Using the loop rule while charging circuits We know that in an LC circuit the voltage across the capacitor is the same as the voltage across the inductor (the emf induced in it). This is a direct conclusion of KVL (Kirchoff's Loop Rule) applied to the circuit. But can we use KVL in such circuits, where we have things like capacitors and inductors which affect the voltages and current?
For example, in a circuit with a battery and a capacitor, KVL cannot be applied. In fact, the voltages and current asymptotically approach the values predicted by KVL as the capacitor charges. 
Similarly, while deriving the time-dependence of current in an ac circuit with a capacitive load, the argument commonly presented is as follows:
Voltage of source = Voltage across capacitor 
$$V_{cap}(t) = V_0\sin(\omega t)$$
$$Q_{cap} = CV_{cap}(t)$$
$$i = \frac{d(CV_{cap}(t))}{dt} = C\frac{d(V_0\sin(\omega t))}{dt} = CV_0\omega\cos(\omega t)$$
thus concluding that the current and emf are phase shifted by $\pi/2$. But isn't there a flaw if we use KVL in such circuits?
 A: 
For example, in a circuit with a battery and a capacitor, KVL cannot
  be applied.

Yes, in fact, it can.

In fact, the voltages and current asymptotically approach the values
  predicted by KVL as the capacitor charges.
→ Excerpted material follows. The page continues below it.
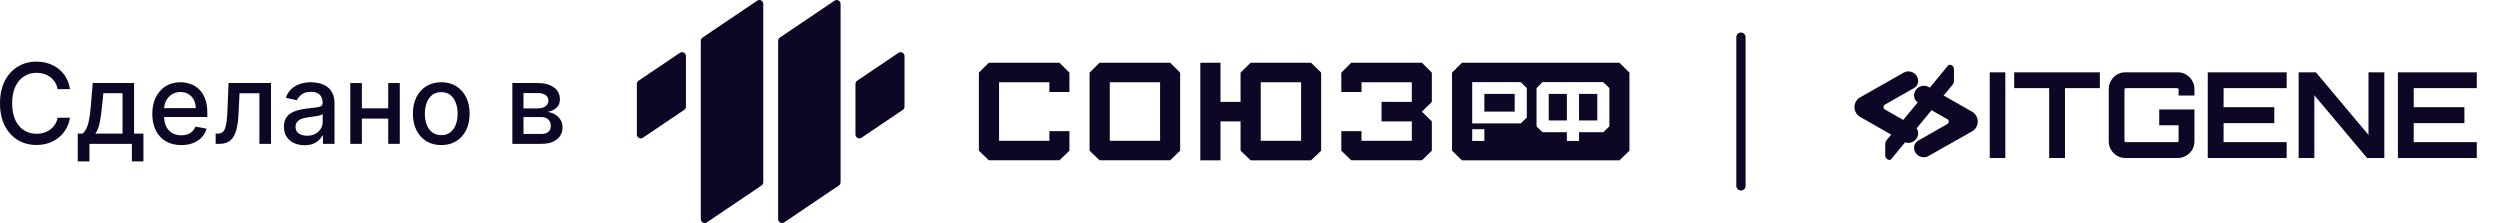 <?xml version="1.0" encoding="UTF-8"?> <svg xmlns="http://www.w3.org/2000/svg" width="269" height="24" viewBox="0 0 269 24" fill="none"><path d="M7.53 9.59H6.2C6.149 9.306 6.054 9.056 5.915 8.84C5.776 8.624 5.605 8.441 5.403 8.29C5.202 8.14 4.976 8.026 4.726 7.95C4.479 7.873 4.216 7.835 3.938 7.835C3.435 7.835 2.984 7.961 2.587 8.214C2.192 8.467 1.879 8.837 1.649 9.326C1.422 9.815 1.308 10.411 1.308 11.116C1.308 11.826 1.422 12.425 1.649 12.914C1.879 13.403 2.193 13.772 2.591 14.022C2.989 14.272 3.436 14.397 3.933 14.397C4.209 14.397 4.47 14.36 4.717 14.286C4.967 14.21 5.193 14.097 5.395 13.95C5.597 13.802 5.767 13.621 5.906 13.408C6.048 13.193 6.146 12.945 6.2 12.667L7.53 12.671C7.459 13.1 7.321 13.495 7.116 13.856C6.915 14.214 6.655 14.523 6.337 14.785C6.021 15.043 5.661 15.244 5.254 15.386C4.848 15.528 4.405 15.599 3.925 15.599C3.169 15.599 2.496 15.42 1.905 15.062C1.314 14.701 0.848 14.185 0.507 13.515C0.169 12.845 0 12.045 0 11.116C0 10.184 0.17 9.384 0.511 8.717C0.852 8.046 1.318 7.532 1.909 7.174C2.5 6.813 3.172 6.633 3.925 6.633C4.388 6.633 4.82 6.7 5.22 6.833C5.624 6.964 5.986 7.157 6.307 7.413C6.628 7.665 6.893 7.975 7.104 8.342C7.314 8.705 7.456 9.121 7.53 9.59Z" fill="#0D0624"></path><path d="M8.364 17.367V14.376H8.897C9.033 14.251 9.148 14.102 9.242 13.928C9.338 13.755 9.419 13.549 9.485 13.31C9.553 13.072 9.61 12.793 9.655 12.475C9.701 12.154 9.74 11.788 9.774 11.376L9.979 8.934H14.428V14.376H15.434V17.367H14.189V15.479H9.625V17.367H8.364ZM10.26 14.376H13.184V10.025H11.121L10.985 11.376C10.919 12.063 10.837 12.66 10.738 13.165C10.638 13.668 10.479 14.072 10.26 14.376Z" fill="#0D0624"></path><path d="M19.5 15.611C18.855 15.611 18.3 15.474 17.834 15.198C17.371 14.92 17.013 14.529 16.76 14.026C16.51 13.521 16.385 12.928 16.385 12.249C16.385 11.579 16.51 10.988 16.76 10.477C17.013 9.965 17.365 9.566 17.817 9.279C18.271 8.992 18.803 8.849 19.41 8.849C19.78 8.849 20.138 8.91 20.484 9.032C20.831 9.154 21.142 9.346 21.418 9.607C21.693 9.869 21.91 10.208 22.07 10.626C22.229 11.04 22.308 11.545 22.308 12.139V12.59H17.105V11.636H21.06C21.06 11.3 20.991 11.004 20.855 10.745C20.719 10.484 20.527 10.278 20.28 10.127C20.035 9.977 19.749 9.901 19.419 9.901C19.061 9.901 18.749 9.989 18.482 10.165C18.217 10.339 18.013 10.566 17.868 10.847C17.726 11.126 17.655 11.428 17.655 11.755V12.501C17.655 12.938 17.732 13.31 17.885 13.617C18.041 13.924 18.259 14.158 18.537 14.32C18.815 14.479 19.141 14.559 19.513 14.559C19.754 14.559 19.974 14.525 20.173 14.457C20.372 14.386 20.544 14.28 20.689 14.141C20.834 14.002 20.945 13.83 21.021 13.626L22.227 13.843C22.131 14.198 21.957 14.509 21.707 14.776C21.46 15.04 21.149 15.246 20.774 15.394C20.402 15.539 19.977 15.611 19.5 15.611Z" fill="#0D0624"></path><path d="M23.206 15.479L23.202 14.376H23.436C23.618 14.376 23.77 14.337 23.892 14.261C24.017 14.181 24.12 14.048 24.199 13.86C24.279 13.673 24.34 13.414 24.383 13.085C24.425 12.752 24.456 12.335 24.476 11.832L24.591 8.934H29.159V15.479H27.911V10.033H25.772L25.669 12.258C25.644 12.798 25.588 13.269 25.503 13.673C25.421 14.076 25.3 14.413 25.141 14.682C24.982 14.95 24.777 15.15 24.527 15.283C24.277 15.414 23.973 15.479 23.615 15.479H23.206Z" fill="#0D0624"></path><path d="M32.764 15.624C32.349 15.624 31.974 15.548 31.639 15.394C31.303 15.238 31.038 15.012 30.842 14.717C30.648 14.421 30.552 14.059 30.552 13.63C30.552 13.261 30.623 12.957 30.765 12.718C30.907 12.479 31.099 12.29 31.34 12.151C31.582 12.012 31.852 11.907 32.15 11.836C32.448 11.765 32.752 11.711 33.062 11.674C33.454 11.629 33.772 11.592 34.016 11.563C34.261 11.532 34.438 11.482 34.549 11.414C34.66 11.346 34.715 11.235 34.715 11.082V11.052C34.715 10.68 34.61 10.391 34.4 10.187C34.193 9.982 33.883 9.88 33.471 9.88C33.042 9.88 32.704 9.975 32.457 10.165C32.212 10.353 32.043 10.562 31.95 10.792L30.752 10.519C30.894 10.121 31.102 9.8 31.374 9.556C31.65 9.309 31.967 9.13 32.325 9.019C32.682 8.906 33.059 8.849 33.454 8.849C33.715 8.849 33.992 8.88 34.285 8.942C34.58 9.002 34.856 9.113 35.111 9.275C35.37 9.437 35.582 9.668 35.746 9.969C35.911 10.268 35.994 10.655 35.994 11.133V15.479H34.749V14.585H34.698C34.616 14.749 34.492 14.911 34.327 15.07C34.163 15.229 33.951 15.361 33.693 15.467C33.434 15.572 33.124 15.624 32.764 15.624ZM33.041 14.602C33.393 14.602 33.694 14.532 33.944 14.393C34.197 14.254 34.389 14.072 34.519 13.847C34.653 13.62 34.719 13.377 34.719 13.119V12.275C34.674 12.32 34.586 12.363 34.455 12.403C34.327 12.44 34.181 12.472 34.016 12.501C33.852 12.526 33.691 12.55 33.535 12.573C33.379 12.593 33.248 12.61 33.143 12.624C32.896 12.655 32.67 12.708 32.465 12.782C32.264 12.856 32.102 12.962 31.979 13.102C31.86 13.238 31.8 13.42 31.8 13.647C31.8 13.962 31.917 14.201 32.15 14.363C32.383 14.522 32.68 14.602 33.041 14.602Z" fill="#0D0624"></path><path d="M42.127 11.657V12.761H38.581V11.657H42.127ZM38.939 8.934V15.479H37.691V8.934H38.939ZM43.017 8.934V15.479H41.773V8.934H43.017Z" fill="#0D0624"></path><path d="M47.479 15.611C46.865 15.611 46.33 15.471 45.873 15.19C45.415 14.908 45.06 14.515 44.807 14.009C44.554 13.504 44.428 12.913 44.428 12.236C44.428 11.557 44.554 10.964 44.807 10.455C45.06 9.947 45.415 9.552 45.873 9.271C46.33 8.989 46.865 8.849 47.479 8.849C48.093 8.849 48.628 8.989 49.086 9.271C49.543 9.552 49.898 9.947 50.151 10.455C50.404 10.964 50.53 11.557 50.53 12.236C50.53 12.913 50.404 13.504 50.151 14.009C49.898 14.515 49.543 14.908 49.086 15.19C48.628 15.471 48.093 15.611 47.479 15.611ZM47.483 14.542C47.881 14.542 48.211 14.437 48.472 14.227C48.733 14.016 48.926 13.736 49.051 13.387C49.179 13.038 49.243 12.653 49.243 12.232C49.243 11.815 49.179 11.431 49.051 11.082C48.926 10.729 48.733 10.447 48.472 10.234C48.211 10.021 47.881 9.914 47.483 9.914C47.083 9.914 46.75 10.021 46.486 10.234C46.225 10.447 46.03 10.729 45.902 11.082C45.777 11.431 45.715 11.815 45.715 12.232C45.715 12.653 45.777 13.038 45.902 13.387C46.03 13.736 46.225 14.016 46.486 14.227C46.75 14.437 47.083 14.542 47.483 14.542Z" fill="#0D0624"></path><path d="M55.128 15.479V8.934H57.843C58.581 8.934 59.166 9.092 59.598 9.407C60.03 9.719 60.246 10.144 60.246 10.681C60.246 11.065 60.124 11.369 59.88 11.593C59.635 11.818 59.311 11.968 58.908 12.045C59.201 12.079 59.469 12.167 59.713 12.309C59.958 12.448 60.154 12.636 60.301 12.871C60.452 13.107 60.527 13.389 60.527 13.715C60.527 14.062 60.438 14.369 60.259 14.636C60.08 14.9 59.82 15.107 59.479 15.258C59.141 15.405 58.733 15.479 58.256 15.479H55.128ZM56.326 14.414H58.256C58.571 14.414 58.819 14.339 58.998 14.188C59.176 14.038 59.266 13.833 59.266 13.575C59.266 13.271 59.176 13.032 58.998 12.859C58.819 12.682 58.571 12.595 58.256 12.595H56.326V14.414ZM56.326 11.661H57.855C58.094 11.661 58.299 11.627 58.469 11.559C58.642 11.491 58.775 11.394 58.865 11.269C58.959 11.141 59.006 10.991 59.006 10.818C59.006 10.565 58.902 10.367 58.695 10.225C58.488 10.083 58.203 10.012 57.843 10.012H56.326V11.661Z" fill="#0D0624"></path><path fill-rule="evenodd" clip-rule="evenodd" d="M96.679 5.683L92.231 8.683C92.116 8.761 92.047 8.89 92.047 9.028V14.476C92.047 14.706 92.234 14.892 92.463 14.892C92.546 14.892 92.627 14.867 92.696 14.821L97.144 11.821C97.259 11.743 97.327 11.614 97.327 11.476V6.028C97.327 5.798 97.141 5.612 96.911 5.612C96.829 5.612 96.748 5.637 96.679 5.683ZM83.727 4.387V23.584C83.727 23.814 83.914 24 84.143 24C84.226 24 84.307 23.975 84.376 23.929L90.264 19.957C90.379 19.88 90.447 19.751 90.447 19.613V0.416C90.447 0.186 90.261 0 90.031 0C89.948 0 89.867 0.025 89.799 0.071L83.911 4.043C83.796 4.12 83.727 4.249 83.727 4.387ZM75.407 4.387V23.584C75.407 23.814 75.594 24 75.823 24C75.906 24 75.987 23.975 76.056 23.929L81.944 19.957C82.059 19.88 82.127 19.751 82.127 19.613V0.416C82.127 0.186 81.941 0 81.711 0C81.629 0 81.547 0.025 81.479 0.071L75.591 4.043C75.476 4.12 75.407 4.249 75.407 4.387ZM73.159 5.683L68.711 8.683C68.596 8.761 68.527 8.89 68.527 9.028V14.476C68.527 14.706 68.714 14.892 68.943 14.892C69.026 14.892 69.107 14.867 69.176 14.821L73.624 11.821C73.739 11.743 73.807 11.614 73.807 11.476V6.028C73.807 5.798 73.621 5.612 73.391 5.612C73.308 5.612 73.228 5.637 73.159 5.683Z" fill="#0D0624"></path><g clip-path="url(#clip0_462_1903)"><path fill-rule="evenodd" clip-rule="evenodd" d="M125.911 6.75H118.309L117.24 7.813V16.211L118.309 17.248H125.911L126.983 16.211V7.815L125.911 6.75ZM124.825 15.148H119.412V8.851H124.825V15.148Z" fill="#0D0624"></path><path d="M113.999 17.248H106.398L105.327 16.213V7.815L106.398 6.75H113.999L115.069 7.815V9.899H112.913V8.849H107.499V15.148H112.913V14.113H115.069V16.213L113.999 17.248Z" fill="#0D0624"></path><path fill-rule="evenodd" clip-rule="evenodd" d="M134.57 6.75H141.069L142.155 7.815V16.213L141.069 17.25H134.57L133.484 16.213V13.064H131.326V17.25H129.154V6.75H131.326V10.962H133.484V7.813L134.57 6.75ZM135.656 15.148H140V8.851H135.656V15.148Z" fill="#0D0624"></path><path d="M152.997 17.248H145.395L144.325 16.213V14.113H146.497V15.148H151.911V13.064H148.653V10.964H151.911V8.849H146.497V9.899H144.325V7.815L145.395 6.75H152.997L154.067 7.815V10.964L152.997 12.014L154.067 13.064V16.213L152.997 17.248Z" fill="#0D0624"></path><path d="M159.718 12.009H162.98V10.104H159.718V12.009Z" fill="#0D0624"></path><path d="M168.595 12.959H166.642V10.104H168.595V12.959Z" fill="#0D0624"></path><path d="M171.867 12.959H169.903V10.104H171.867V12.959Z" fill="#0D0624"></path><path fill-rule="evenodd" clip-rule="evenodd" d="M174.254 6.75H157.308L156.239 7.813V16.211L157.308 17.25H174.255L175.327 16.213V7.815L174.254 6.75ZM159.718 13.899H158.409V15.165H159.718V13.899ZM158.409 8.837H163.635L164.282 9.48V12.644L163.635 13.277H158.409V8.837ZM172.514 8.837H165.976L165.332 9.477V13.601L165.976 14.223H168.594V15.165H169.903V14.223H172.514L173.168 13.6V9.477L172.514 8.837Z" fill="#0D0624"></path></g><path d="M187.327 4L187.327 20" stroke="#0D0624" stroke-linecap="round"></path><path d="M205.952 10.291C205.952 9.478 206.829 8.968 207.536 9.37L212.257 12.057C212.387 12.131 212.497 12.237 212.576 12.365L212.631 12.454C212.868 12.84 212.866 13.327 212.626 13.711L212.576 13.791C212.497 13.917 212.388 14.021 212.259 14.095L207.516 16.783C206.818 17.179 205.952 16.675 205.952 15.872V15.872C205.952 15.571 206.113 15.293 206.375 15.144L209.534 13.343C209.734 13.229 209.734 12.94 209.534 12.825L206.38 11.028C206.115 10.877 205.952 10.596 205.952 10.291V10.291Z" fill="#0D0624"></path><path d="M209.745 6.971C210.016 6.951 210.247 7.165 210.247 7.437V8.713C210.247 8.857 210.197 8.996 210.105 9.107L203.478 17.141C203.447 17.18 203.4 17.203 203.35 17.206V17.206C203.079 17.219 202.852 17.003 202.852 16.732V15.481C202.852 15.336 202.902 15.196 202.994 15.084L209.623 7.034C209.653 6.997 209.697 6.974 209.745 6.971V6.971Z" fill="#0D0624"></path><path d="M206.394 14.312C206.394 15.125 205.516 15.636 204.81 15.233L200.089 12.546C199.958 12.472 199.849 12.366 199.77 12.238L199.715 12.149C199.477 11.763 199.479 11.276 199.72 10.892L199.77 10.812C199.849 10.686 199.957 10.582 200.087 10.509L204.83 7.82C205.528 7.424 206.394 7.929 206.394 8.732V8.732C206.394 9.033 206.232 9.311 205.971 9.46L202.812 11.26C202.612 11.375 202.612 11.664 202.812 11.778L205.966 13.576C206.231 13.726 206.394 14.008 206.394 14.312V14.312Z" fill="#0D0624"></path><path d="M214.094 17V7.781H215.772V17H214.094ZM220.49 17V9.484H216.726V7.781H225.945V9.484H222.193V17H220.49ZM228.682 17C228.358 17 228.059 16.919 227.786 16.757C227.521 16.595 227.308 16.381 227.146 16.116C226.984 15.843 226.903 15.545 226.903 15.22V9.561C226.903 9.237 226.984 8.942 227.146 8.677C227.308 8.404 227.521 8.187 227.786 8.024C228.059 7.862 228.358 7.781 228.682 7.781H234.329C234.653 7.781 234.952 7.862 235.225 8.024C235.498 8.187 235.716 8.404 235.878 8.677C236.04 8.942 236.121 9.237 236.121 9.561V10.278H234.418V9.638C234.418 9.595 234.401 9.561 234.367 9.535C234.333 9.501 234.295 9.484 234.252 9.484H228.746C228.704 9.484 228.665 9.501 228.631 9.535C228.605 9.561 228.593 9.595 228.593 9.638V15.143C228.593 15.186 228.605 15.225 228.631 15.259C228.665 15.284 228.704 15.297 228.746 15.297H234.252C234.295 15.297 234.333 15.284 234.367 15.259C234.401 15.225 234.418 15.186 234.418 15.143V13.479H232.331V11.776H236.121V15.22C236.121 15.545 236.04 15.843 235.878 16.116C235.716 16.381 235.498 16.595 235.225 16.757C234.952 16.919 234.653 17 234.329 17H228.682ZM237.556 17V7.781H246.045V9.484H239.259V11.533H244.714V13.248H239.259V15.297H246.045V17H237.556ZM247.334 17V7.781H249.19L254.85 14.516V7.781H256.553V17H254.696L249.024 10.252V17H247.334ZM258.013 17V7.781H266.502V9.484H259.716V11.533H265.17V13.248H259.716V15.297H266.502V17H258.013Z" fill="#0D0624"></path><defs><clipPath id="clip0_462_1903"><rect width="70" height="10.5" fill="white" transform="translate(105.327 6.75)"></rect></clipPath></defs></svg>

Then there is more than just a capacitor and battery in the circuit.
First, to be clear, KVL is an approximation that is exact in the limit of ideal circuit theory.
Now, KVL applied to an ideal circuit composed of a battery and capacitor yields the following equation:
$$v_C = V_{BAT}$$
So there is no time dependence; at all times the capacitor voltage and (constant) battery voltage are equal.
For a physical circuit composed of a physical battery and capacitor, one must not forget to include additional ideal circuit elements to model the non-ideal characteristics of physical circuit elements.
For example, if we assume the circuit has not existed forever, there must be a switch to model the fact that, at some time, the capacitor is connected to the battery.
Also, a physical battery cannot supply arbitrarily large current and, in fact, can only supply a finite current when short-circuited.  Thus, we must at least add an ideal resistor in series with the ideal battery to approximate a physical battery.
Since the physical wires connecting the battery and capacitor have non-zero resistance, this resistance may need to be modelled too.
In some cases, we may need to model the non-zero inductance of the wires etc. but, let's assume that we can safely ignore that and any other non-ideal characteristics for this particular problem.
Now, the KVL equation for this ideal circuit model of a physical battery-capacitor circuit is (when the switch is closed):
$$v_C = V_{BAT} - i(R_{BAT} + R_{WIRE})$$
Taking the time derivative of both sides and multiplying by the capacitance C yields:
$$C\frac{dv_C}{dt} = i = -\frac{di}{dt}(R_{BAT} + R_{WIRE})C$$
for which the solution is
$$i = i_0e^{-t/\tau} $$
where
$$\tau = (R_{BAT} + R_{WIRE})C$$
and
$$i_0 = \frac{V_{BAT}}{R_{BAT} + R_{WIRE}} $$
is the current immediately after the switch is closed at $t = 0$.
Thus,
$$v_C = V_{BAT} -  i_0(R_{BAT} + R_{WIRE})e^{-t/\tau} = V_{BAT}(1 - e^{-t/\tau}), \, t\ge 0$$
So, in fact, KVL does give the correct equation predicting the capacitor voltage.